俺がメッシ―に近づいているのは、まだ奴に見せていないディミット・ブラストの命中率を少しでも上げるためだ。
奴は俺の魔法がブラストだけじゃないと勘付いてはいるようだが、その魔法の射程距離までは分かっていない筈。ブラストだけを使っているのを見て、長距離の射程を持つ魔法が無いと思い込んでくれているのならば、勝機はある。
(必ず……ぶち当てる……!!)
ディミット・ブラストは長射程、精密な直線状の攻撃魔法。
だが威力には欠けるし、撃ち抜ける範囲もせいぜい掌に風穴を開けられるくらい。
だから、一発で決めるしかない。もう奴をディミット・ブラストの射程に捉えてはいるが、この距離で撃っても奴に躱されるか、なにかしら防御されてしまう。奴の反応が間に合わず、だが少しでも早く魔法を撃つことが出来るギリギリの距離。そこで、奴の眉間に一撃、正確に狙いをつけて撃つことが出来れば、俺達の勝ちだ。
「あと、少し……!! ブラスト!!」
「んむ。気に食わんな」
「あ?」
「貴公は”諦める”ことが最善の選択であると理解している筈なのである。もしくは逃走すること。この絶望的な数の某の芸術を前に、己の力は圧倒的に足りていない。にも関わらず、貴公は何故某に向かってくる? 何故、その身に何百もの傷を負いながら、その足を止めぬ? 目が死なぬ?」
「さあな……!! てめえがそれを理解する事には、きっとてめえは二度とクソみてえな折り紙が出来なくなっているだろうからな……!!」
「減らず口が、減らぬ、か。んむ、良かろう。であれば……」
なんだ?
あと少しでディミット・ブラストを撃てるって距離。メッシ―が自分の前で両手を合わせた瞬間、動物共の動きが一斉に止まった。ギルバートの方でも、動物たちが攻撃を止めている。
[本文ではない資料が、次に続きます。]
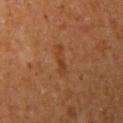Notes:
– workup · total-body-photography surveillance lesion; no biopsy
– image · ~15 mm crop, total-body skin-cancer survey
– site · the right upper arm
– TBP lesion metrics · a footprint of about 3.5 mm², an eccentricity of roughly 0.95, and a symmetry-axis asymmetry near 0.35; a border-irregularity index near 4.5/10, internal color variation of about 1 on a 0–10 scale, and radial color variation of about 0; a nevus-likeness score of about 0/100
– tile lighting · cross-polarized
– lesion size · ≈3.5 mm
– patient · female

俺達は互いに困惑して顔を見合わせ、そして同時に、猛烈に嫌な予感を感じていた。
「少々、本気で行くのである。貴公らが無意味に粘り、某の時間を奪うというのであれば……」
「ギルバート!! 走れ!! なんとしても奴の詠唱を止めろ!!」
「了解だべ!! 大地の型、〈金剛厭舞〉!!」
あいつが、動物共を止めた。
その上で、何か別の魔法を使おうとしている。
それだけで、俺達が動き出すのに十分な理由だった。
奴が次の一言でも、一息でも行動を起こす前に、何が何でも息の根を止めなくてはならねえと、本能が叫んでいた。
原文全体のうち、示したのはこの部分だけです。